## Assignment
Word-for-word transcription: reproduce all of the data, but not the pictures.

## Given data
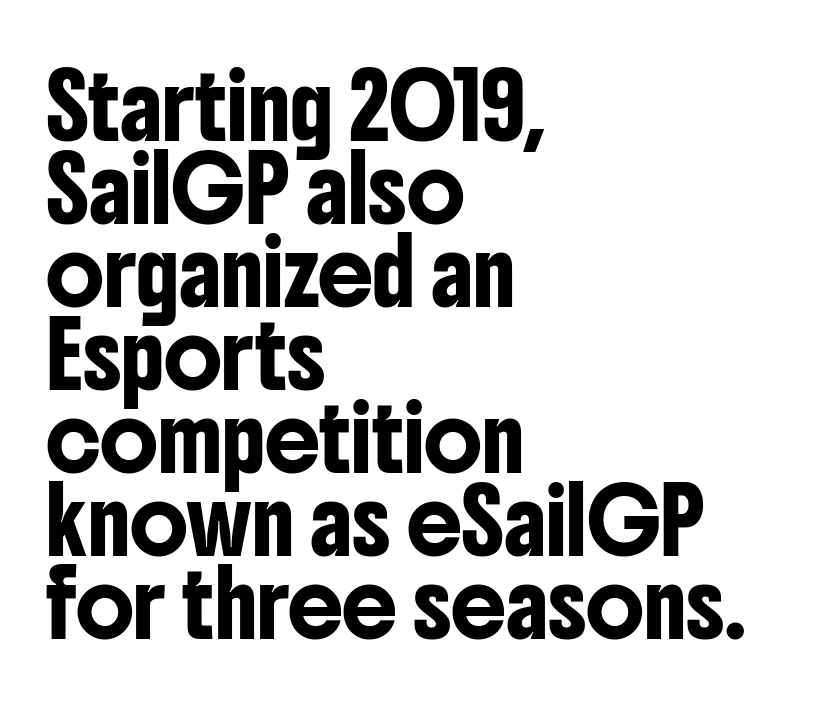
The image shows 62 px condensed sans-serif type, upright; set left-aligned, normal line spacing (1.34x), normal letter spacing, not underlined; low stroke contrast and a medium x-height.
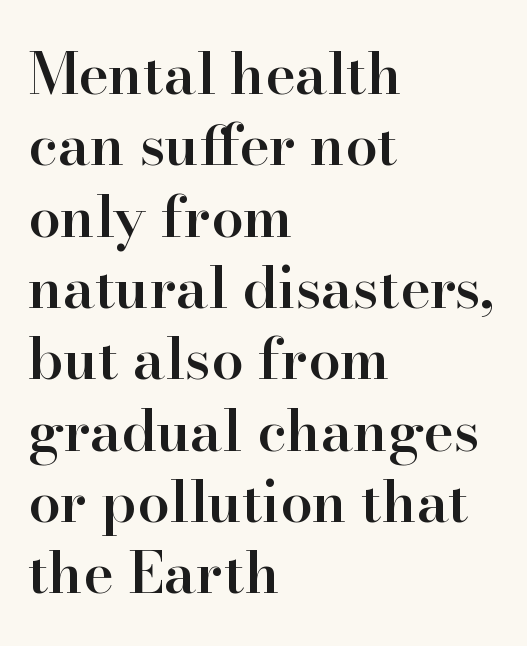
Q: Is the text bold? A: Semi-bold.
Q: Is the text italic (slanted)? A: No, it is upright.
Q: Is the typeface a serif or a sans-serif typeface? A: Serif.
Q: Is the text underlined? A: No.
Q: How is the paragraph aligned? A: Left-aligned.
Q: Is the spacing between letters normal or unusually wide? A: Normal.
Q: Width (condensed, normal, or wide)? A: Normal.
Q: Stroke contrast? A: High.
Q: x-height? A: Small.
Q: Monospaced? A: No.
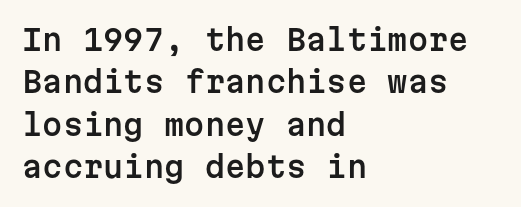
Alignment: flush left. Fixed-width glyphs throughout — classic coding-font behaviour. Check under the words: just untouched page. How are the letters spaced? Ordinarily, with no added tracking. Successive baselines arrive at the customary interval.
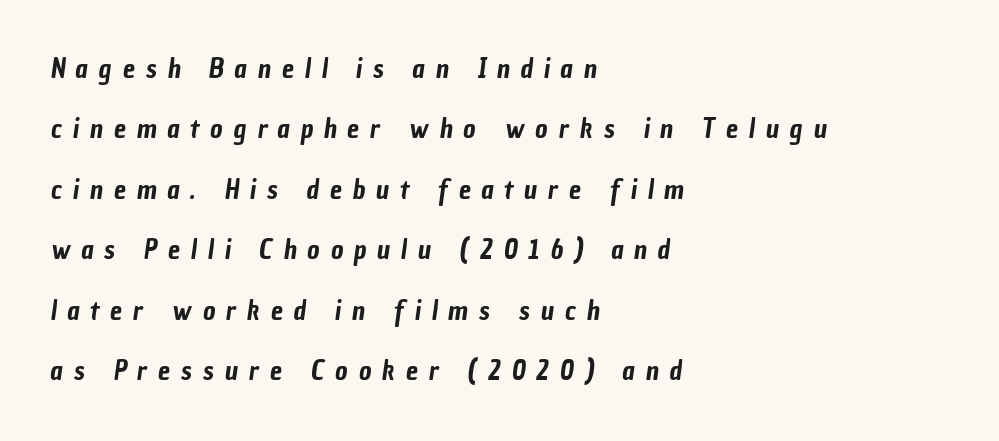
{"underline": "no", "align": "left", "line_spacing": "loose", "line_spacing_ratio": 2.24, "letter_spacing": "wide", "letter_spacing_em": 0.4, "glyph_px": 27}
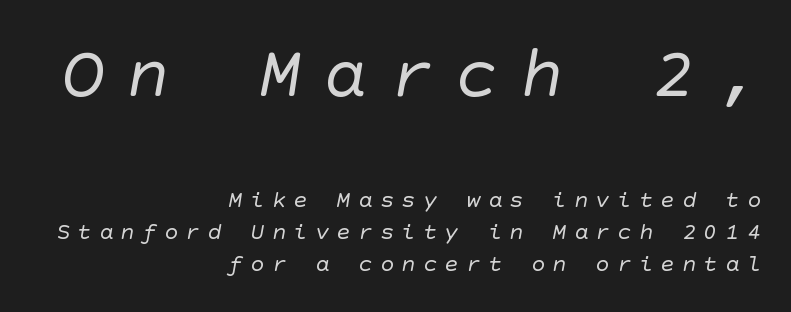
Notice how descenders clear the ascenders below comfortably — that's standard leading. Unmarked baselines from the first word to the last. This layout puts the oversized block above and the modest block below. No feet cap the strokes, marking this as sans-serif type. The type is letterspaced generously, with wide tracking. Caption: multi-line text, flush right, ragged left.

## Output for this task
The image shows 62 px condensed sans-serif type, upright; set left-aligned, normal line spacing (1.34x), normal letter spacing, not underlined; low stroke contrast and a medium x-height.
Q: Is the text bold? A: Semi-bold.
Q: Is the text italic (slanted)? A: No, it is upright.
Q: Is the typeface a serif or a sans-serif typeface? A: Serif.
Q: Is the text underlined? A: No.
Q: How is the paragraph aligned? A: Left-aligned.
Q: Is the spacing between letters normal or unusually wide? A: Normal.
Q: Width (condensed, normal, or wide)? A: Normal.
Q: Stroke contrast? A: High.
Q: x-height? A: Small.
Q: Monospaced? A: No.
Alignment: flush left. Fixed-width glyphs throughout — classic coding-font behaviour. Check under the words: just untouched page. How are the letters spaced? Ordinarily, with no added tracking. Successive baselines arrive at the customary interval.
{"underline": "no", "align": "left", "line_spacing": "loose", "line_spacing_ratio": 2.24, "letter_spacing": "wide", "letter_spacing_em": 0.4, "glyph_px": 27}
Notice how descenders clear the ascenders below comfortably — that's standard leading. Unmarked baselines from the first word to the last. This layout puts the oversized block above and the modest block below. No feet cap the strokes, marking this as sans-serif type. The type is letterspaced generously, with wide tracking. Caption: multi-line text, flush right, ragged left.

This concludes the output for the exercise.